The ultimate goal of this work is to develop a Näätämö River Atlantic Salmon Co-Management Plan that would create a more equitable governance structure for decision-making, compared to the existing rigid architecture based on trans-boundary bilateral agreements between Finland and Norway. The project partners hope that the envisioned co-management plan would help revamp the current rigid top-down regime through creating an equitable space for participation and contributions of all the groups who want their healthy relationships with the Näätämö River salmon to continue for generations.
Image above: In front of his house on the shore of Lake Sevettijärvi, Illep Jefremoff holds the Eastern Sámi Atlas open to the page with a picture of himself and his dog Kepu, checking fishing nets in the winter of 1993. Photo: © Gleb Raygorodetsky 2012.
Jefremoff contributed to the Eastern Sámi Atlas, sharing his knowledge and photographs of Skolt traditional activities, like setting fishing nets under the ice. The Skolts and the Snowchange Cooperative, with the support of UNU and the Nordic Council of Ministers, developed and published the Eastern Sámi Atlas as part of the Skolt climate change adaptation project. This comprehensive tome is a significant land-use document developed by any Sámi group. It shares several centuries of their history, through photographs and maps, describing how the Eastern Sámi, including the Skolt Sámi, lived on their traditional territory.

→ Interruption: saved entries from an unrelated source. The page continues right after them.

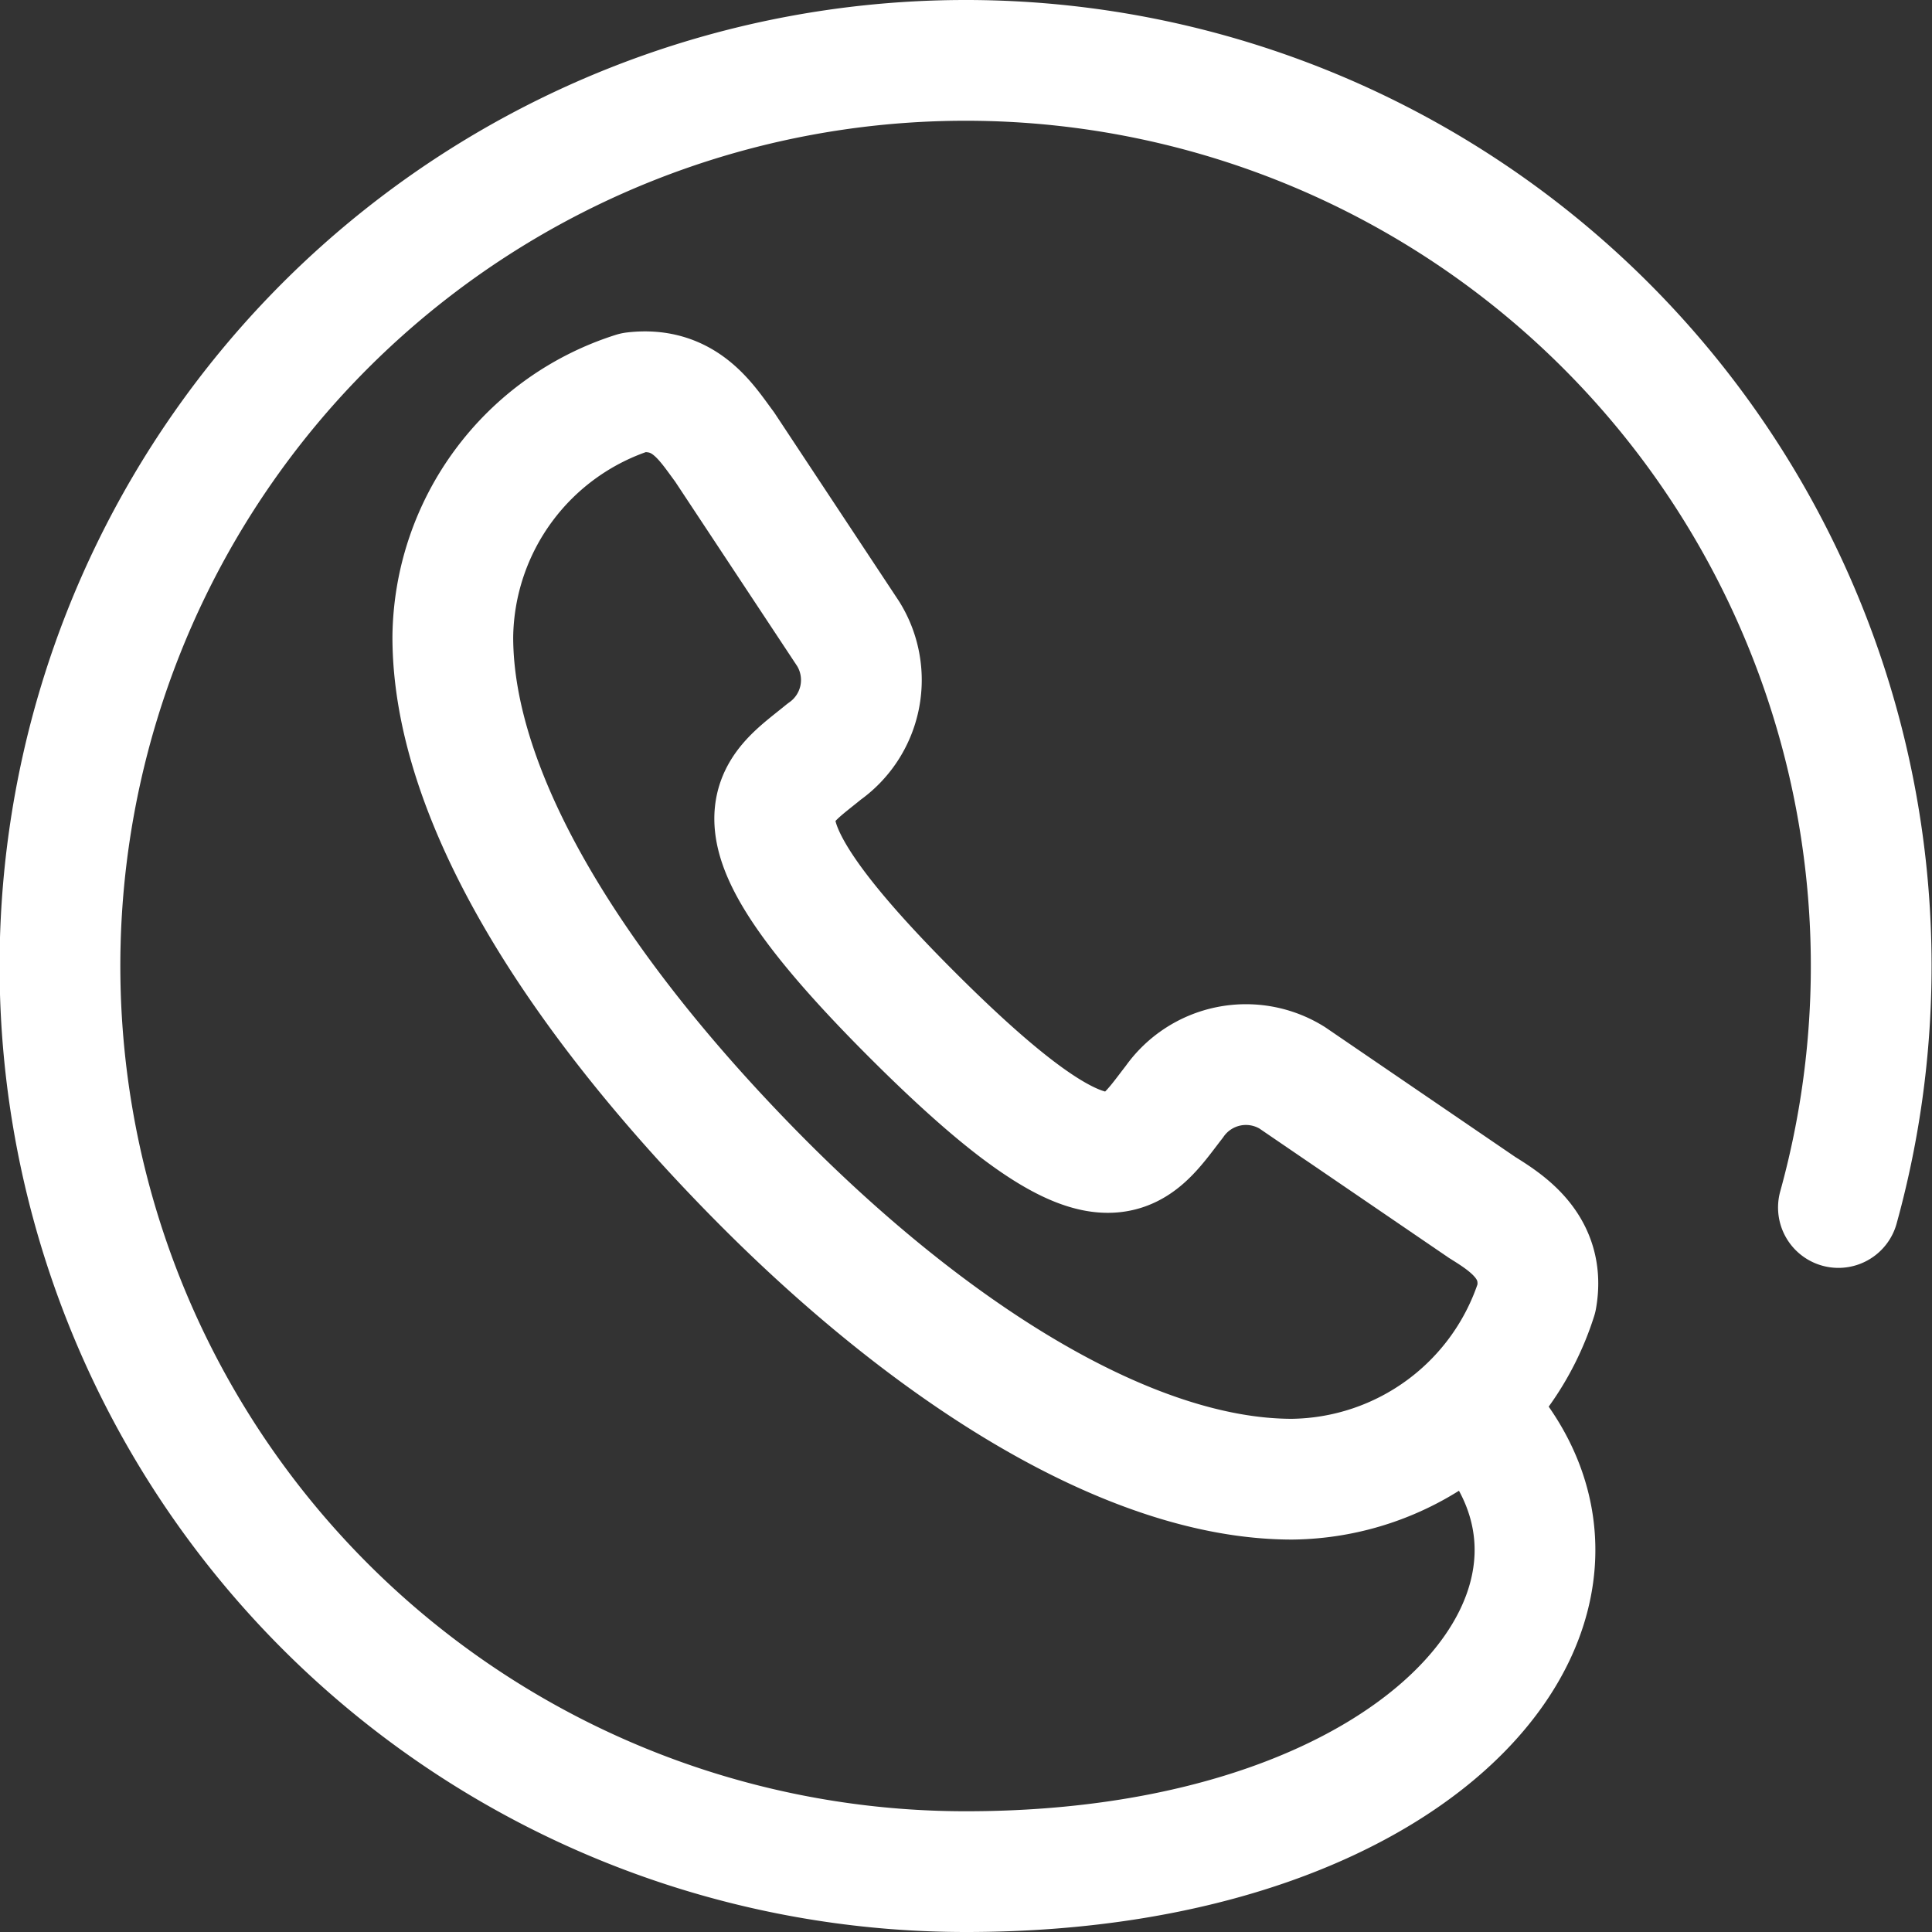 <svg xmlns="http://www.w3.org/2000/svg" viewBox="0 0 64 64" aria-labelledby="title"
aria-describedby="desc" role="img" xmlns:xlink="http://www.w3.org/1999/xlink">
  <rect x="0" y="0" width="64" height="64" fill="#333333" stroke="none"/>
  <title>Audio Call</title>
  <desc>A line styled icon from Orion Icon Library.</desc>
  <path data-name="layer2"
  d="M32 62a30 30 0 1 1 28.9-22M32 62c15.5 0 22.8-9.3 16.7-15.4" fill="none"
  stroke="#ffffff" stroke-miterlimit="10" stroke-width="4" stroke-linejoin="round"
  stroke-linecap="round"></path>
  <path data-name="layer1" d="M49.1 40c.8.5 2.1 1.3 1.8 3a8.6 8.6 0 0 1-8.1 6c-5.4 0-12-4.2-17.8-10.1S15 26.5 15 21.1a8.6 8.6 0 0 1 6-8.1c1.7-.2 2.4 1 3 1.8l4.1 6.2a2.9 2.9 0 0 1-.8 3.9c-1.7 1.4-3.6 2.2 2.9 8.7s7.3 4.7 8.7 2.9a2.9 2.9 0 0 1 3.9-.8z"
  fill="none" stroke="#ffffff" stroke-miterlimit="10" stroke-width="4" stroke-linejoin="round"
  stroke-linecap="round"></path>
</svg>

The real value of the volume, however, is in that it is truly a community effort to make their unseen histories visible. For their work on this project and the publication of the Atlas, the Snowchange Cooperative was honored with the Skolt of the Year Award in 2011, despite being a Finnish organization.

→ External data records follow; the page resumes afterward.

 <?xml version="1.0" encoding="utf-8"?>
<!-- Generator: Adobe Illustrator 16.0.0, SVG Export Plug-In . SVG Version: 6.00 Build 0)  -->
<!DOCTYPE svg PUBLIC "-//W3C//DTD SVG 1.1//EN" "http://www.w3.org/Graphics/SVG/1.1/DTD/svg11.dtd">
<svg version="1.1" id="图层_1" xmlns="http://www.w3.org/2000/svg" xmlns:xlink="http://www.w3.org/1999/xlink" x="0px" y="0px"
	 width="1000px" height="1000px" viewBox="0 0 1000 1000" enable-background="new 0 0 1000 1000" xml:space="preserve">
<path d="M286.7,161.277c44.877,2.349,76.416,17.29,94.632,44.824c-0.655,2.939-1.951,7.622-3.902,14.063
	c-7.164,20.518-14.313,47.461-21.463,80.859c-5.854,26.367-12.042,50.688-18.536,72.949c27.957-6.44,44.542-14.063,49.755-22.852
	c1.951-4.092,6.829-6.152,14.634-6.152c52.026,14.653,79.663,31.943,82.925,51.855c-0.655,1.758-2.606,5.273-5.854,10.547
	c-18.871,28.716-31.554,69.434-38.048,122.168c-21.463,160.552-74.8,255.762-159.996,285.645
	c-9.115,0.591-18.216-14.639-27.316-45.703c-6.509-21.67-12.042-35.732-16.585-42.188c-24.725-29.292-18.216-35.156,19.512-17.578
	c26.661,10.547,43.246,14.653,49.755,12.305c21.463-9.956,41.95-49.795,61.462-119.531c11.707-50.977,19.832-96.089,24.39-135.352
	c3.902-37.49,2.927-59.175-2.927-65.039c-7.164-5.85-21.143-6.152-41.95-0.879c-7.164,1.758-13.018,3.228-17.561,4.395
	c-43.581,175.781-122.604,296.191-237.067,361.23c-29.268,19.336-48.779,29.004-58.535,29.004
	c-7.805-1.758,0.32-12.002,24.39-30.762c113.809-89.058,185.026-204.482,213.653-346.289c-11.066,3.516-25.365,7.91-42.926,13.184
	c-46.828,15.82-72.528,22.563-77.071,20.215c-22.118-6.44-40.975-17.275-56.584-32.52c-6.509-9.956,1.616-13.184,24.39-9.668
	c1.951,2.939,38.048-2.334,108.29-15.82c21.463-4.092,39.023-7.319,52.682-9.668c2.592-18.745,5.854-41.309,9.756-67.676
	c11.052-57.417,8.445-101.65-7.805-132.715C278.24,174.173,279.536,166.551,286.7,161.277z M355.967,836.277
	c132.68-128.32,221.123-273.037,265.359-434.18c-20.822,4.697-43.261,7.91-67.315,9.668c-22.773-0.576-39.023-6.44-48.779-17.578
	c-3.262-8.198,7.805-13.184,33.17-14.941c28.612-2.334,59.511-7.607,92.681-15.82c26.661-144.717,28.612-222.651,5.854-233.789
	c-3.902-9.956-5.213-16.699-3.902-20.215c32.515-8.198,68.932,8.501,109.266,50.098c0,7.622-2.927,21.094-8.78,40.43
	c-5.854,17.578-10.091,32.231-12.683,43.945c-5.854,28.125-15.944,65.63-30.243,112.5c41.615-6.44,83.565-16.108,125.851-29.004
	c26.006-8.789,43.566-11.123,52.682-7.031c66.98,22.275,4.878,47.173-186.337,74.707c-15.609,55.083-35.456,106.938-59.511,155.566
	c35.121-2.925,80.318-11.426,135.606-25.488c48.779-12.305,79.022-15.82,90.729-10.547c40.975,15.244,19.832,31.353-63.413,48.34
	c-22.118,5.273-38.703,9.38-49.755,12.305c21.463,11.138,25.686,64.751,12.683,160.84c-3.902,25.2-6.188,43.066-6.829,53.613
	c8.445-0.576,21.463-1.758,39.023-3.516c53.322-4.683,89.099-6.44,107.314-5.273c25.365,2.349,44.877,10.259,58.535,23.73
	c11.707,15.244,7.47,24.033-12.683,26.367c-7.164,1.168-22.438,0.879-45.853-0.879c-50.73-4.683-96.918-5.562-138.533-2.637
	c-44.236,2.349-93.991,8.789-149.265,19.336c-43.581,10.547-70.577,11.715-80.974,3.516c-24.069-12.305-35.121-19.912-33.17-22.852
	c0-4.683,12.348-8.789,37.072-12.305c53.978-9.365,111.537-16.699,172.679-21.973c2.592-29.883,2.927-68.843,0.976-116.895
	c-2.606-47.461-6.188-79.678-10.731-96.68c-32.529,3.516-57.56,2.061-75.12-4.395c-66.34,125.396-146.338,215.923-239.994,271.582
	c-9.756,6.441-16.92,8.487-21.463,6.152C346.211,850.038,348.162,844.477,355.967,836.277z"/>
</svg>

“Snowchange’s work with Sámi is very straightforward — it’s a peace-making plan,” explains Mustonen. Snowchange is trying to address the painful legacy of centuries of encroachment and assimilation by southern Finns on traditional Sámi territories. “All the work that Snowchange is doing with Sámi is about this, be it a nomadic school project or a climate change adaptation work or the Atlas. It is all about reconciliation,” says Mustonen. “If we can maintain a respectable relationship with Sámi and provide them with space and rights they ought to have, we are also healing ourselves,” he concludes.
Image above: To the unfamiliar eye, the lakes and forests of northern Finland look as pristine and unchanged as they have been for the last 9,000 years, after the glaciers retreated northward in this part of Europe. Photo: © Gleb Raygorodetsky 2012.
For the local people, the interdependencies between the sun, water, air, forest, fire, wildlife, fish and people are changing rapidly and in unfamiliar ways. “Who are these new winds?” ask local Elders. ”We do not know them, but we still try to greet them.” The changing climate alters the intricate relationships between the elements of the Skolt traditional territory. The future of the Skolts and their land in this time of climatic upheaval depends on their ability to find ways of maintaining the balance in their relationships with the land and water, forest and tundra, reindeer and salmon. This could be achieved, they feel, only through respectful collaboration with others who have a stake in the future of the region and its biocultural heritage, be they European anglers, Norwegian salmon farmers, or a Finnish NGO.
“It is the time to say goodbye to some things we’ll never see again,” says Mustonen of Snowchange. “But it is also time to build new knowledge. And this knowledge can only emerge through keeping strong connections with the traditional territory. We must be there on the land as it is changing, so that we can change with it.”